KELUARGA SAKINAH (5)
SEBAGAI BENTENG BUDAYA KORUPSI
Siti Musdah Mulia
Halaman sebelumnyaKetiga, korupsi tumbuh karena keinginan manusia untuk kaya secara cepat dan instant. Agaknya, manusia sudah diliputi selera instant, seperti dalam iklan mie instant di TV. Keluarga harus mengajarkan kepada semua anggotanya bahwa menjadi kaya tidak dilarang asalkan kekayaan itu diperoleh melalui kerja-kerja yang halal, bukan melalui kegiatan yang tidak terpuji, seperti pungli, pemalsuan dokumen atau melalui aktivitas suap-menyuap. Harta yang dianugerahkan Allah kepada kita pun tidak boleh ditumpuk, tetapi harus didistribusikan untuk sebesar-besar kepentingan dan kemaslahatan umat. Sejak kecil, anak-anak perlu dibiasakan hidup hemat dan bekerja keras, serta membiasakan untuk tidak mengambil barang milik orang lain dengan cara yang tidak benar. Kebahagiaan manusia tidak terletak dari banyak dan sedikitnya harta yang dimiliki, melainkan terletak pada suasana batin yang selalu ingat dan bersyukur kepada Sang Pencipta.
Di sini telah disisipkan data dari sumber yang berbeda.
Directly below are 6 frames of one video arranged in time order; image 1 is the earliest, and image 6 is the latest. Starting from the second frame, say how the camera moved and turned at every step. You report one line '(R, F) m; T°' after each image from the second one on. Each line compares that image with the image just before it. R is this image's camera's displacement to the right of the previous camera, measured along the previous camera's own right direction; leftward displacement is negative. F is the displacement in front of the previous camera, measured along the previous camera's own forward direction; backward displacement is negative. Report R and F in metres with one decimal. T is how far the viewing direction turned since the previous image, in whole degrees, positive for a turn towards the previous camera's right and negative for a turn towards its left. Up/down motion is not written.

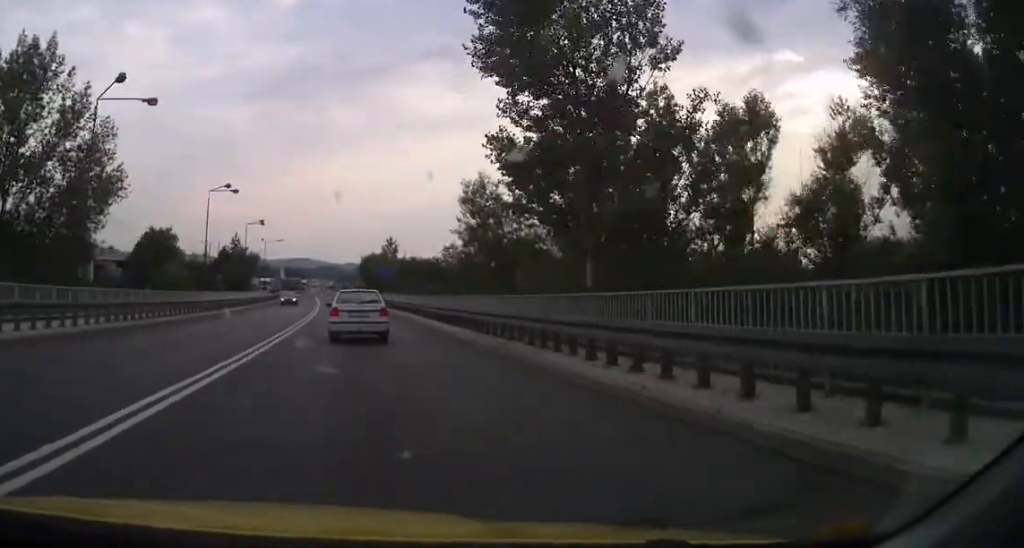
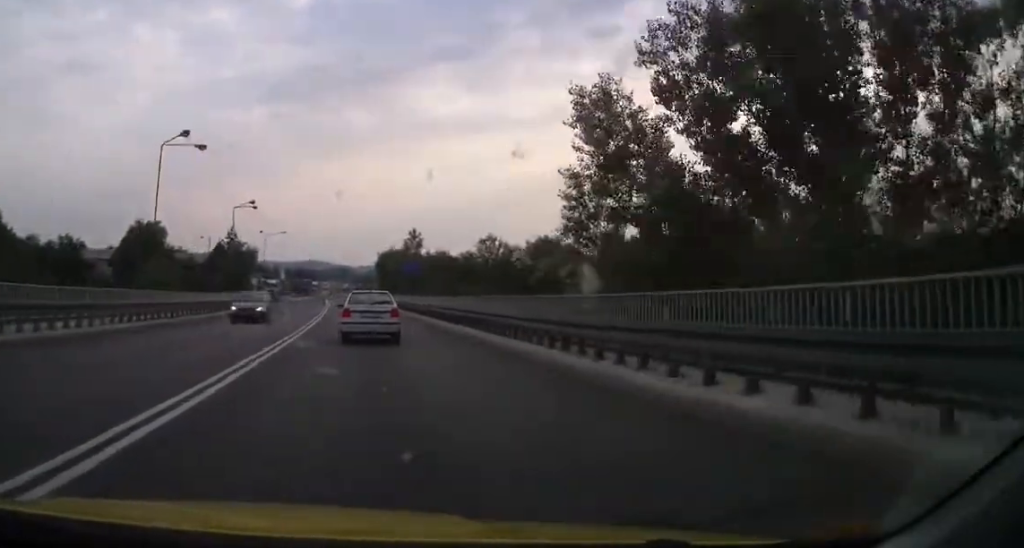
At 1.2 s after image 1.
(0.0, +17.1) m; 0°
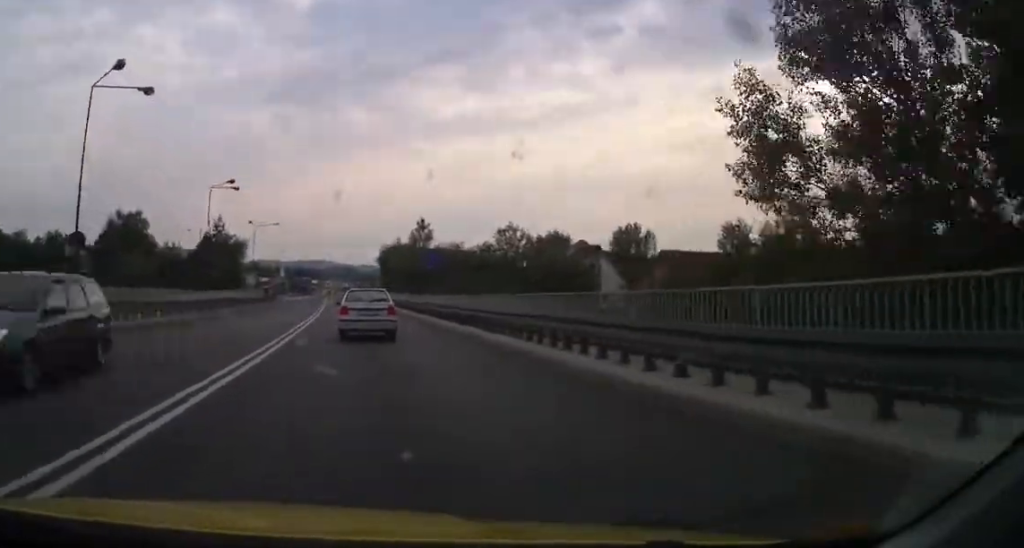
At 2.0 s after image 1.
(0.0, +10.5) m; 0°
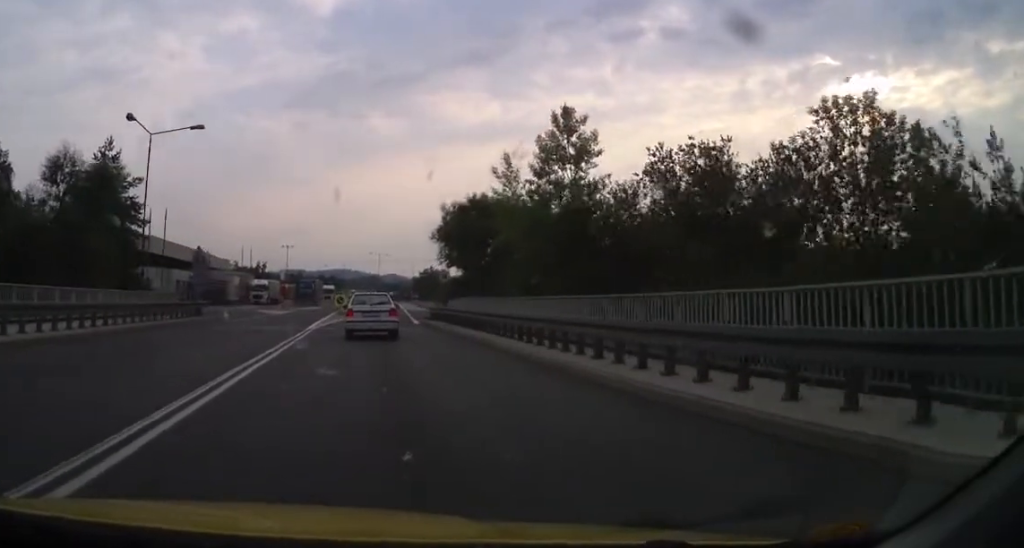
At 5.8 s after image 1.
(-2.0, +50.2) m; -4°
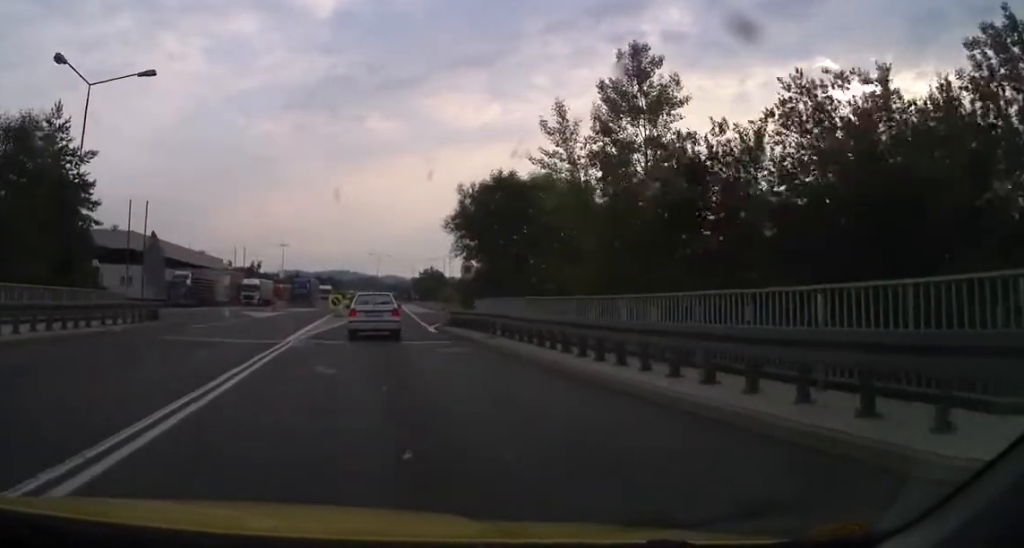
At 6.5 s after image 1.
(0.0, +8.4) m; 0°
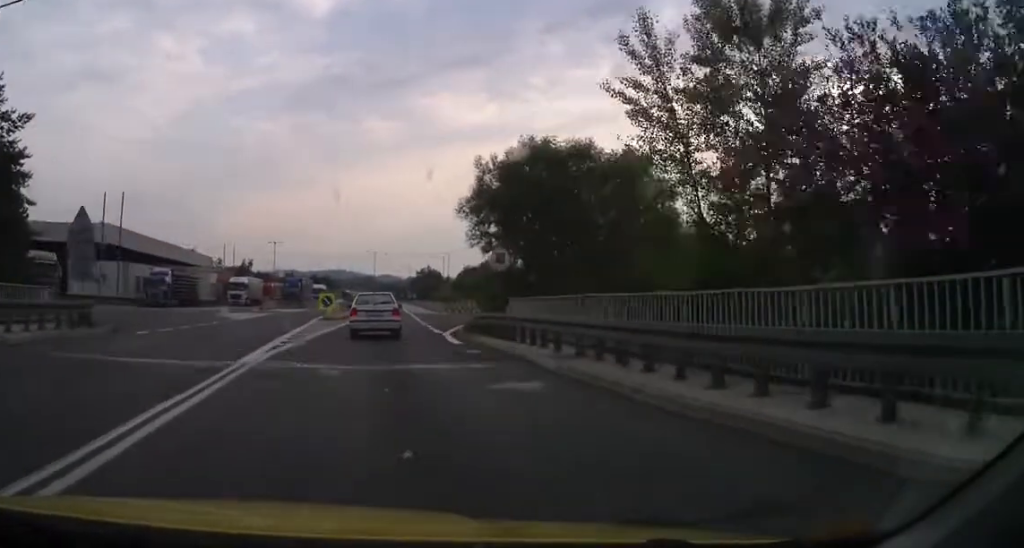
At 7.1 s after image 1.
(0.0, +7.5) m; 0°

Keempat, korupsi terjadi karena manusia terjerat pola hidup materialistik, kapitalistik dan hedonistik. Manusia berlomba-lomba memenuhi selera biologisnya yang tidak pernah puas. Punya satu mobil ingin mobil kedua, ketiga dan seterusnya. Setiap muncul merek mobil terbaru, pikirannya lalu tidak bisa tenang sebelum mendapatkannya. Demikian halnya dengan rumah, pakaian, dan asesoris lainnya. Pendek kata manusia seperti ini menjadi budak bagi dirinya sendiri, budak bagi hasrat badaninya sendiri, dan budak bagi materi yang selalu didambakannya. Batinnya tidak pernah merasa puas, melainkan selalu dahaga dan gersang, meskipun hidupnya penuh dibalut dengan kemegahan dan kemewahan harta yang bergelimpangan. Keadaan ini persis seperti gambaran dalam hadis Nabi saw:"Rasullullah saw bersabda: "Celakalah hamba dinar dan hamba dirham, hamba permadani, dan hamba baju. Apabila ia diberi ia puas dan apabila tidak diberi ia menggerutu kesal. (HR. Bukhari melalui Abu Hurairah).
Mengantisipasi hal ini, keluarga hendaknya secara dini menanamkan nilai-nilai kesederhanaan, kebersahajaan, dan keikhlasan. Dan yang tidak kurang pentingnya adalah menanamkan kesadaran kepada anggota keluarga bahwa hidup di dunia ini hanyalah sementara, sedangkan kehidupan yang abadi tersedia di akhirat nanti. Karena itu, kehidupan dunia yang cuma sementara ini harus diisi secara maksimal dengan amal-amal saleh yang akan menjadi bekal bagi kehidupan kelak. Selain itu, keluarga juga harus menanamkan kesadaran bahwa semua yang kita miliki berupa harta benda apapun akan dipertanggungjawabkan kelak di hadapan Sang Pencipta. Kita akan ditanyai dari mana asal-usul harta tersebut dan bagaimana kita menggunakannya.
Melalui mekanisme kontrol yang ketat inilah diharapkan keluarga berfungsi menjadi benteng bagi tumbuhnya budaya korupsi di masyarakat. Jika setiap keluarga mampu melakukan kontrol yang efektif terhadap setiap anggotanya maka dapat diprediksikan bahwa generasi mendatang akan bebas dari perilaku korupsi. Ketika itulah negara dan bangsa kita akan menikmati ketenteraman dan kejayaan di bawah limpahan karunia Tuhan, sebagaimana digambarkan dalam Al-Qur`an: "baldatun Thayyibatun wa Rabbun Ghafur."